Hacker News new | ask | show | jobs
by haberman 2306 days ago
There are 555,278,657 passwords in the database. With a Bloom Filter, you could quickly rule out potential inputs. Even better, there is no need to hash the input, because... it's already a cryptographic hash.

The input SHA-1 provides 160 bits of hash. If we divide that up into 5 hash values of 32 bits, we can get a 3% false positive rate with a 483 MiB Bloom Filter (which will easily fit in memory).

https://hur.st/bloomfilter/?n=555M&p=0.03&m=&k=

This will be blindingly fast. We're talking 5 random reads from memory. Even in the worst case of 5 cache misses, we're still well under 1us. This will let us return "not found" for 97% of inputs that aren't in the database.
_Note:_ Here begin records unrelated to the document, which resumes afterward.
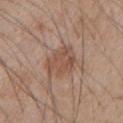biopsy status = total-body-photography surveillance lesion; no biopsy | subject = male, roughly 65 years of age | lighting = white-light | imaging modality = ~15 mm tile from a whole-body skin photo | lesion size = ≈4 mm | site = the chest.
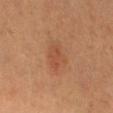notes=imaged on a skin check; not biopsied
tile lighting=cross-polarized
patient=female, aged 28 to 32
image=total-body-photography crop, ~15 mm field of view
anatomic site=the leg
diameter=~3.5 mm (longest diameter)

If we get a hit there, then we could turn to a larger bloom filter for greater accuracy, but we'd have to actually hash the key to get more hash bits.

Of course if you get hits for all your bloom filters, you still have to do a real lookup to positively confirm that the key is in the database.

1 comments

> Of course if you get hits for all your bloom filters, you still have to do a real lookup to positively confirm that the key is in the database.
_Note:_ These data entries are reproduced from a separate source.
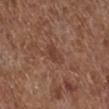Case summary:
* notes: no biopsy performed (imaged during a skin exam)
* subject: male, aged 73–77
* diameter: about 2.5 mm
* tile lighting: white-light
* body site: the right lower leg
* acquisition: ~15 mm tile from a whole-body skin photo
* TBP lesion metrics: a footprint of about 3.5 mm², an outline eccentricity of about 0.8 (0 = round, 1 = elongated), and a shape-asymmetry score of about 0.2 (0 = symmetric); a border-irregularity rating of about 1.5/10, a color-variation rating of about 2/10, and peripheral color asymmetry of about 0.5
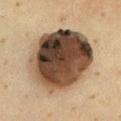Captured during whole-body skin photography for melanoma surveillance; the lesion was not biopsied. The recorded lesion diameter is about 8.5 mm. A female patient aged around 40. The tile uses cross-polarized illumination. A roughly 15 mm field-of-view crop from a total-body skin photograph. Located on the chest.
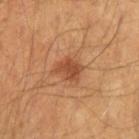Recorded during total-body skin imaging; not selected for excision or biopsy.
The subject is a male roughly 65 years of age.
Captured under cross-polarized illumination.
Automated tile analysis of the lesion measured about 10 CIELAB-L* units darker than the surrounding skin and a lesion-to-skin contrast of about 7.5 (normalized; higher = more distinct).
This image is a 15 mm lesion crop taken from a total-body photograph.
Located on the left forearm.
Measured at roughly 3 mm in maximum diameter.

As I replied elsewhere, please do not ignore this part for good user experience. I've seen it ignored in open source projects (Keycloak). You don't wanna block perfectly fine passwords for reasons unknown to the user because of false positives. That might cause unwanted reactions at your user's side ("was my password leaked!?!?").
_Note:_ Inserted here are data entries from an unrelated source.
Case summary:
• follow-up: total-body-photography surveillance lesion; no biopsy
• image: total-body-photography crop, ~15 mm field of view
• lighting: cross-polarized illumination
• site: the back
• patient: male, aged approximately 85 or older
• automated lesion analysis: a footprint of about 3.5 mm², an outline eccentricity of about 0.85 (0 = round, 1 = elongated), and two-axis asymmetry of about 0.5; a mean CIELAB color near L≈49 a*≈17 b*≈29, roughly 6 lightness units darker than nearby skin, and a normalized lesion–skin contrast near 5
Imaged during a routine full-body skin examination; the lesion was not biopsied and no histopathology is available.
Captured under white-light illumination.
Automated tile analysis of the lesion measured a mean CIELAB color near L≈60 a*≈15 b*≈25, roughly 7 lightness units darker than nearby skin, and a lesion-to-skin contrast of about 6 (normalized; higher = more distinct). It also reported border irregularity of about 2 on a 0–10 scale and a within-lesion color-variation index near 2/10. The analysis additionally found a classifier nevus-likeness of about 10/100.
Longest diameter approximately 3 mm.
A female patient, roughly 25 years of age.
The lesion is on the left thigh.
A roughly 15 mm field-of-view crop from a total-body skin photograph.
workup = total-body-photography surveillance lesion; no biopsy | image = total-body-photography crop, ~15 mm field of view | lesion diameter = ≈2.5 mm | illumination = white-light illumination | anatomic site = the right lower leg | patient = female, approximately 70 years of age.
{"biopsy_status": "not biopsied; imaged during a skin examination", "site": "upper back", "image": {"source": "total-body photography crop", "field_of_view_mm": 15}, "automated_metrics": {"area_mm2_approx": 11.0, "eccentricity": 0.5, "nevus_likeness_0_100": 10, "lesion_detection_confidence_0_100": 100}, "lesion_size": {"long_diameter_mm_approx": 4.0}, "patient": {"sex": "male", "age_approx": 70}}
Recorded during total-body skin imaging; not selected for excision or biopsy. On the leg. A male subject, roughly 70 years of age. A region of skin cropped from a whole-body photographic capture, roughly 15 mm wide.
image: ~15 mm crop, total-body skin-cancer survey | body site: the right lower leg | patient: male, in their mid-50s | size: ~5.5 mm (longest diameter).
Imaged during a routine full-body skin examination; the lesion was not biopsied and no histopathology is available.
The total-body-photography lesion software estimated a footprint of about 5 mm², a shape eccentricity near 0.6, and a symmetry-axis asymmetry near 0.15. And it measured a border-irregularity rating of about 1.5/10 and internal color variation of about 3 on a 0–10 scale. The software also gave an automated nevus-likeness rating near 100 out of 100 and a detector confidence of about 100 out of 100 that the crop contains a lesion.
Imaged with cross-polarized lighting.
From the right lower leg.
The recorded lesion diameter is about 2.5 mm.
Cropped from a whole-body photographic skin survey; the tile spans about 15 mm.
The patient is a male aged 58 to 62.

The false positive rate can be made arbitrarily small. I have an implementation with a fp rate of 1:1.000.000 with a filter size of just 1.8 GB (https://github.com/adewes/have-i-been-bloomed). The cost of lowering the rate is logarithmic so you could go to much lower values for little cost (1:1.000.000.000 would be 2.8 GB) so false positives are not really a problem in practice. If you really want you could still perform an exact check against a DB if the filter returns true to rule out false positives with certainty, though at one false positive for one billion requests this might be exaggerated.
That makes sense. I was thinking of this more as a fun algorithms optimization challenge, not something to actually put into a production setting with real users. I agree that for real users you would especially not want to skip the last step.